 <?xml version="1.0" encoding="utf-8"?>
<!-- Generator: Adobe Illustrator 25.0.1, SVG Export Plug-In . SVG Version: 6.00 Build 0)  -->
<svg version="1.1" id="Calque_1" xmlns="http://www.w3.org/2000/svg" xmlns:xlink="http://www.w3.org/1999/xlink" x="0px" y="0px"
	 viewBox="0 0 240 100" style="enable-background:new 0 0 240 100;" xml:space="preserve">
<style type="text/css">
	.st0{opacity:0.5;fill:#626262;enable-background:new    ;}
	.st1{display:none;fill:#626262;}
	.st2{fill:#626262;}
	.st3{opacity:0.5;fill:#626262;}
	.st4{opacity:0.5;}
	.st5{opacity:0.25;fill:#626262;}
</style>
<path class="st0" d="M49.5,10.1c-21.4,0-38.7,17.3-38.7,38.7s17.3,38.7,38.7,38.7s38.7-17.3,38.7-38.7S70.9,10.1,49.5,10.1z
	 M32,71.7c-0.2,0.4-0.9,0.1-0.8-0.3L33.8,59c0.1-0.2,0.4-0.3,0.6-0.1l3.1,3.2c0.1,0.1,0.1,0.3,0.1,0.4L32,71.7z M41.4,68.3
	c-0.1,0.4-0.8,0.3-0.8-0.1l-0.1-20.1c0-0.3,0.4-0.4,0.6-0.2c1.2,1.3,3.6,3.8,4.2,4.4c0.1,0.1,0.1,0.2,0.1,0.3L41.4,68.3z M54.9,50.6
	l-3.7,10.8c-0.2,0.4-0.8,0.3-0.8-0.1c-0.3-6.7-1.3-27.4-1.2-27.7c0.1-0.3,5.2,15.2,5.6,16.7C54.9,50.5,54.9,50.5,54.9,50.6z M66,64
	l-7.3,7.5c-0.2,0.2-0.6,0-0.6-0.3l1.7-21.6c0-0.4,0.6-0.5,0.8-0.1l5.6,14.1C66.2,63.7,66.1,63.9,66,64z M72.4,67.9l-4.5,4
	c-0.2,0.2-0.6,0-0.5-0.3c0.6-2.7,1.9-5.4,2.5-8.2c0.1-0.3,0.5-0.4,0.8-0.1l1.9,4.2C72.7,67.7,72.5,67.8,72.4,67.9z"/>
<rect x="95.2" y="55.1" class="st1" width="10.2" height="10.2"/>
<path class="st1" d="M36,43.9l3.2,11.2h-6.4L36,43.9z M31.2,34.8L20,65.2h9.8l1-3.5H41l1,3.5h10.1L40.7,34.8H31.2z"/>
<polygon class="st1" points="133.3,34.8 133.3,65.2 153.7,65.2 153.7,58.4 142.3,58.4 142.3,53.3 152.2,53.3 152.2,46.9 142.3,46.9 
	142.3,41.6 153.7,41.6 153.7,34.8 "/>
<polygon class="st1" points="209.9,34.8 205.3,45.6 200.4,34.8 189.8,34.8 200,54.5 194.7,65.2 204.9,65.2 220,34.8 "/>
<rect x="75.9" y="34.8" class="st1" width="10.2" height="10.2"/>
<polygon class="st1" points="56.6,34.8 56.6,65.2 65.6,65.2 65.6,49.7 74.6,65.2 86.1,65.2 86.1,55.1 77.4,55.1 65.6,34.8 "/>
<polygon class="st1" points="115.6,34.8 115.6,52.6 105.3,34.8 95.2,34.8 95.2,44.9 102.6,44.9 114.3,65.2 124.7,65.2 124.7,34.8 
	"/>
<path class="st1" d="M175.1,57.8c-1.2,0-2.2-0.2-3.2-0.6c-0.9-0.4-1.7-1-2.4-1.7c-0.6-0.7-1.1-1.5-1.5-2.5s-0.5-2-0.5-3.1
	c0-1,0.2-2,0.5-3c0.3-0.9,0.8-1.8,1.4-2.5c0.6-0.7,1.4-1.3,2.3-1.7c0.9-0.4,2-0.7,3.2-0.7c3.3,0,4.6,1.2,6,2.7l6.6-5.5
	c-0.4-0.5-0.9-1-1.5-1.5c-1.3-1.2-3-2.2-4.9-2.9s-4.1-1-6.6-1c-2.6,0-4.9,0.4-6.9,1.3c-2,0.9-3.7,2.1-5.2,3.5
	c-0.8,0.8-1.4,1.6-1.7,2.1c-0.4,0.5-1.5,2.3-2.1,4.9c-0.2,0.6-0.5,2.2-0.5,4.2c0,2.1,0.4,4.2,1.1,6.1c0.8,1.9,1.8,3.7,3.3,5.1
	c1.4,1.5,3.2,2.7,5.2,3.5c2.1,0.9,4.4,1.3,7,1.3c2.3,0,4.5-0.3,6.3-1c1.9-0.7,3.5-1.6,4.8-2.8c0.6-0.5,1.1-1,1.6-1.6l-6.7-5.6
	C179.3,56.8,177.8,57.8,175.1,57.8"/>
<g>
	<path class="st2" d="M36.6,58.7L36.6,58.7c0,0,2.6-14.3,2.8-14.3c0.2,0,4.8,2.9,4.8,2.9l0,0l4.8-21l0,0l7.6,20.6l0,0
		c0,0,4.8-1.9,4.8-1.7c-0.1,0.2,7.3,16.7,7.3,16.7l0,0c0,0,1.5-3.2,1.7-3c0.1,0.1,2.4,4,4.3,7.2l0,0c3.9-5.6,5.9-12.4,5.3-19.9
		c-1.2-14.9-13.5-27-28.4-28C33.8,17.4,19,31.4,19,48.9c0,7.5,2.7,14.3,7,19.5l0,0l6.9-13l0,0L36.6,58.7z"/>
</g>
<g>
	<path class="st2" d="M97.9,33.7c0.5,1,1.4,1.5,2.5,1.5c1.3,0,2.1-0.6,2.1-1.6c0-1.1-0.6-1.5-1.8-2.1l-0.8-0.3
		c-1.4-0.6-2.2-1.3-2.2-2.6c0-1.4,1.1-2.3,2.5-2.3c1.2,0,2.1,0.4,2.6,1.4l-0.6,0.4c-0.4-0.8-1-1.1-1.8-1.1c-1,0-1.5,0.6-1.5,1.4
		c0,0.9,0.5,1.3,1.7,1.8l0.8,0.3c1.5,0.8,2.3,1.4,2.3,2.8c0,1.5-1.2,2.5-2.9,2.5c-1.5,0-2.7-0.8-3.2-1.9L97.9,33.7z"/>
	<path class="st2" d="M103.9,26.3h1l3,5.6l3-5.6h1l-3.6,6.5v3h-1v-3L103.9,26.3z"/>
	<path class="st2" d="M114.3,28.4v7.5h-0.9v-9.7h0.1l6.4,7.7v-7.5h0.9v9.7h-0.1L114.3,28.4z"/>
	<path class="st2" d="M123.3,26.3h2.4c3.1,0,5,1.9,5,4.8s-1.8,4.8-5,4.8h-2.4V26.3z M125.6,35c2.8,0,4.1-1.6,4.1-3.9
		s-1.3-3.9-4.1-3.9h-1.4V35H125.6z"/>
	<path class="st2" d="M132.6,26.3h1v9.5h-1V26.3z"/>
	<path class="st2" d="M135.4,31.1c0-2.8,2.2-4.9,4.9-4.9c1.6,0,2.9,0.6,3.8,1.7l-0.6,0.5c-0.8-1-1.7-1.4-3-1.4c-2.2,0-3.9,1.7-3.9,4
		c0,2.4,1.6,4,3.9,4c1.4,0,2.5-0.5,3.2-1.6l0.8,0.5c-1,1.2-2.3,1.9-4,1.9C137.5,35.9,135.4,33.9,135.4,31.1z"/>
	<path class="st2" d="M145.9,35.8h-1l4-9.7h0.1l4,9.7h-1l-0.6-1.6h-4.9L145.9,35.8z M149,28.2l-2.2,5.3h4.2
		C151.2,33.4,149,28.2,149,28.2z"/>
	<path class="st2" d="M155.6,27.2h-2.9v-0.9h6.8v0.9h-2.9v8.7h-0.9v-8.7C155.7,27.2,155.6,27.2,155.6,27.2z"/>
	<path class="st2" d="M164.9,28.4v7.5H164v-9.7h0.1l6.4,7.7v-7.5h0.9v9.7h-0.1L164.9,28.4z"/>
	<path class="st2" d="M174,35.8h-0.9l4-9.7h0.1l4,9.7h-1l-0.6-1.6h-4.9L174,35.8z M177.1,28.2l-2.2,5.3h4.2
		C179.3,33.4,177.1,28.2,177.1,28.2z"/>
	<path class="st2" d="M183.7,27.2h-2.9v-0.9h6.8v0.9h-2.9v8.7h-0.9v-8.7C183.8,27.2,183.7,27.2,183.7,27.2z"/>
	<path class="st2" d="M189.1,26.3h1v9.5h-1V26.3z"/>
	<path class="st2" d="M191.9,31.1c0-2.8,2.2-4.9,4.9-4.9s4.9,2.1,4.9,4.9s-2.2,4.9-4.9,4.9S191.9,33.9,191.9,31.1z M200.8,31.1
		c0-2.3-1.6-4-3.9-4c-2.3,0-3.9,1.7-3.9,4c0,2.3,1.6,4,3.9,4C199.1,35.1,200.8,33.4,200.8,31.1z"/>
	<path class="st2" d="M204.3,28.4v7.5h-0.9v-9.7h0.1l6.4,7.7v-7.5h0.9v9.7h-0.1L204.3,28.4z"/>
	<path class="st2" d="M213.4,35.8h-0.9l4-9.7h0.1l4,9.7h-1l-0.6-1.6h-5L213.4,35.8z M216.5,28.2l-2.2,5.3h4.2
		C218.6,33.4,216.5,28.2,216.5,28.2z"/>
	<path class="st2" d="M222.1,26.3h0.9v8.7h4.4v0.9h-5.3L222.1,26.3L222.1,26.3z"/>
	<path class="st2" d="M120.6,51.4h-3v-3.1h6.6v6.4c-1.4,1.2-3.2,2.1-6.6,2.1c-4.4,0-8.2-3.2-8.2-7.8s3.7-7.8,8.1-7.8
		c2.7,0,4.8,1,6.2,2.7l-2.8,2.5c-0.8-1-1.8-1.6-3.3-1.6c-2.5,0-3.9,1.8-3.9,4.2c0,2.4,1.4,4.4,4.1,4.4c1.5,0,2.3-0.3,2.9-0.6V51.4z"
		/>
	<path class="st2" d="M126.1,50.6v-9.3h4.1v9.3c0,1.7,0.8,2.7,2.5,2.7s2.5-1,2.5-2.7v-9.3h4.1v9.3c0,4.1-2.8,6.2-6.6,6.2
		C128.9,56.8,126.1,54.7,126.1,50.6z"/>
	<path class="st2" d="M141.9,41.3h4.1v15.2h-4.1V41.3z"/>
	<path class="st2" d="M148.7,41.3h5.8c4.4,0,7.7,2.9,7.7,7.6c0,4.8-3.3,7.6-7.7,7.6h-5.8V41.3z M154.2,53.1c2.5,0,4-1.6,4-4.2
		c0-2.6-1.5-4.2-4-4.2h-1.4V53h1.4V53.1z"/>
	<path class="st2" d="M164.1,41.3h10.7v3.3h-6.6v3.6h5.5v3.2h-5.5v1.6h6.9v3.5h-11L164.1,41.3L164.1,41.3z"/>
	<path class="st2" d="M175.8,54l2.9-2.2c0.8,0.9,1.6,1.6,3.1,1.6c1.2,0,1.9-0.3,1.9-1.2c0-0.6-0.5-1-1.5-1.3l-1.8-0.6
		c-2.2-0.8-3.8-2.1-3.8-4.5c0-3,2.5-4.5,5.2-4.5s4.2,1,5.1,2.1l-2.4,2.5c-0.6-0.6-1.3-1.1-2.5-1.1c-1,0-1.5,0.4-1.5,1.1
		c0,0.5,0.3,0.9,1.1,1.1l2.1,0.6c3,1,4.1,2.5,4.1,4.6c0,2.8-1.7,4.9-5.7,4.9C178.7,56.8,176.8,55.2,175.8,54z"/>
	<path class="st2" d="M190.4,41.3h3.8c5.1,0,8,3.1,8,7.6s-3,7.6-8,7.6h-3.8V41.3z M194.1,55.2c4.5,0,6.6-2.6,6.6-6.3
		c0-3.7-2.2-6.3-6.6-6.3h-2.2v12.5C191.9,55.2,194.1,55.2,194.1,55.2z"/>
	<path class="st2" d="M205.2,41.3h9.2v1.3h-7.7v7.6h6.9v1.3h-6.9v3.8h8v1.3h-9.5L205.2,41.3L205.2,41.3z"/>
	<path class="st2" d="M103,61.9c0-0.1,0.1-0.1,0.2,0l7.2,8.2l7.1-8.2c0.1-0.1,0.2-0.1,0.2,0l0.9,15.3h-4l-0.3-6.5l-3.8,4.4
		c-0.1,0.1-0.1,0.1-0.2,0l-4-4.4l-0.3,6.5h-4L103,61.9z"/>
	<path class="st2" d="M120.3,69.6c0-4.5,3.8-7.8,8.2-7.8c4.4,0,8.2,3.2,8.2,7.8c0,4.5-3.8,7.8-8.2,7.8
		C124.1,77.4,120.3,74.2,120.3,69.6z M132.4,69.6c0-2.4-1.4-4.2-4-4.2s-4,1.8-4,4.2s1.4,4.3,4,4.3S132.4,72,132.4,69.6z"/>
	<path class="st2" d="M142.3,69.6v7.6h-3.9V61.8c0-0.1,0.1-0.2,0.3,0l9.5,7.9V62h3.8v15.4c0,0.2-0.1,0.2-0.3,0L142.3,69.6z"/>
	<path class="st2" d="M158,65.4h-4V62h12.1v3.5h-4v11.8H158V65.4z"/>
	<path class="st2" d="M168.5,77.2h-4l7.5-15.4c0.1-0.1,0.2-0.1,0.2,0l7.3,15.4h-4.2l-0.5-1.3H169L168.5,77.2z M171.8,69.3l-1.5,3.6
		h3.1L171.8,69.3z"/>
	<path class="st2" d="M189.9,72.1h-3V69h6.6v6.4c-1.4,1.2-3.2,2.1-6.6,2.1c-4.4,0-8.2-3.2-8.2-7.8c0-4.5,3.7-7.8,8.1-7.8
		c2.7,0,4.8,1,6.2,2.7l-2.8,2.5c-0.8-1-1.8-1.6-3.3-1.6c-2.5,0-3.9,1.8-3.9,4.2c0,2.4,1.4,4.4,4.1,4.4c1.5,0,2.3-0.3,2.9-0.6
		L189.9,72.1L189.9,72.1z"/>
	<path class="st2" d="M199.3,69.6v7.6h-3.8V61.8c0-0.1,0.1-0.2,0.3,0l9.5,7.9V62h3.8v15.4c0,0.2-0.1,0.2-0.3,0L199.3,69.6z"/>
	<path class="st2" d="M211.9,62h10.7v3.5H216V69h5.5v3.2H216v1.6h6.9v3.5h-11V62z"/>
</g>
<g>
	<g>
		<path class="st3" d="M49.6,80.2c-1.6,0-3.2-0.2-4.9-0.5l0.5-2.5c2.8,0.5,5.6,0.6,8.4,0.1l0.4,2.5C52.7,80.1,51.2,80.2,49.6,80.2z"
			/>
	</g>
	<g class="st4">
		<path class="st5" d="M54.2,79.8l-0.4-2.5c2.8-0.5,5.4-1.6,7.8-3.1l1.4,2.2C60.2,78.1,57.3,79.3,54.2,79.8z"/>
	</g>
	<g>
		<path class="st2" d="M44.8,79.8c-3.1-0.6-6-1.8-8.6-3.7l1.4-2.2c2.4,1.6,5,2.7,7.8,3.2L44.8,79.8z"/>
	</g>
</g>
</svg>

ACTIVITY —
When a line of the records includes "points", that line belongs in the answer.

EXERCISE SOLUTION —
<polygon class="st1" points="133.3,34.8 133.3,65.2 153.7,65.2 153.7,58.4 142.3,58.4 142.3,53.3 152.2,53.3 152.2,46.9 142.3,46.9 
<polygon class="st1" points="209.9,34.8 205.3,45.6 200.4,34.8 189.8,34.8 200,54.5 194.7,65.2 204.9,65.2 220,34.8 "/>
<polygon class="st1" points="56.6,34.8 56.6,65.2 65.6,65.2 65.6,49.7 74.6,65.2 86.1,65.2 86.1,55.1 77.4,55.1 65.6,34.8 "/>
<polygon class="st1" points="115.6,34.8 115.6,52.6 105.3,34.8 95.2,34.8 95.2,44.9 102.6,44.9 114.3,65.2 124.7,65.2 124.7,34.8 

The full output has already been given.